Correctly has it been described by Esmein as "the juridical personification of the nation. The
stress is on its being a nation, its people occupying a definite territory, politically organized, exercising

by means of its government its sovereign will over the individuals within it, and maintaining its
separate international personality.
McIver similarly would point to the power entrusted to its government to maintain within its
territory the conditions of a legal order and to enter into international relations. With the latter requisite
satisfied, international law do not exact independence as a condition of statehood.

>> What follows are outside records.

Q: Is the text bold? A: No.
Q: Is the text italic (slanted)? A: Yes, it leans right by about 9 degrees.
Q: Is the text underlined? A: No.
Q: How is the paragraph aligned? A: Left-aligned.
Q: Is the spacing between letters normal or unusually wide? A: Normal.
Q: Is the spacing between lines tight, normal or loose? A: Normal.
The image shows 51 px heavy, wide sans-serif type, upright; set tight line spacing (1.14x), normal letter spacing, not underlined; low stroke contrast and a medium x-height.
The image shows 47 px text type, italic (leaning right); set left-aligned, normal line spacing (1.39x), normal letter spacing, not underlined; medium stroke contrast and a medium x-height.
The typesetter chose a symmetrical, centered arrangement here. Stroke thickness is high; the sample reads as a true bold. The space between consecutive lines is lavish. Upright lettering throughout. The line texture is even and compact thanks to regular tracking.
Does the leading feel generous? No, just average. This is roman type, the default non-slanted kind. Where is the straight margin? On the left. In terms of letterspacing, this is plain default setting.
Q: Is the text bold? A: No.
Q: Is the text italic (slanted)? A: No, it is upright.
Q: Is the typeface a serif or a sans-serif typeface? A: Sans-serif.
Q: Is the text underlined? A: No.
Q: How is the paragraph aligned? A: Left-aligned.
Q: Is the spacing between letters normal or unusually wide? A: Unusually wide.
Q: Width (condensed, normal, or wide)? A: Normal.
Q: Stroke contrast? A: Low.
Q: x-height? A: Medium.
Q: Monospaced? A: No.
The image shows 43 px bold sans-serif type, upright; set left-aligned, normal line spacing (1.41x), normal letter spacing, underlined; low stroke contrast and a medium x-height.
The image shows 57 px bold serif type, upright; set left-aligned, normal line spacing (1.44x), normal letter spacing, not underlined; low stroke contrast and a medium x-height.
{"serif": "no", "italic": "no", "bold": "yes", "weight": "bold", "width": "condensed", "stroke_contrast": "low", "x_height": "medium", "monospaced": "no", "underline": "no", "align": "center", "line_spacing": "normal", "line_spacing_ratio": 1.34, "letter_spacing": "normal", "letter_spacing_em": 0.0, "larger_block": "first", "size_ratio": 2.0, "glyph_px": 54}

Even on the assumption then that Tangier is bereft of international personality, it bears
repeating that in Collector of Internal Revenue v. De Lara, it was specifically held by Us: "Considering
the State of California as a foreign country in relation to section 122 of our Tax Code we believe and
hold, as did the Tax Court, that the Ancilliary Administrator is entitled the exemption from the
inheritance tax on the intangible personal property found in the Philippines." There can be no doubt
that California as a state in the American Union was in the alleged requisite of international
personality. Nonetheless, it was held to be a foreign country within the meaning of Section 122 of the
National Internal Revenue Code.
Even prior to the De Lara ruling, this Court did commit itself to the doctrine that even a tiny
principality, that of Liechtenstein, hardly an international personality in the sense, did fall under this
exempt category. Our Congress chose to make an exemption where conditions are such that demand
reciprocity as in this case. And the exemption must be honored.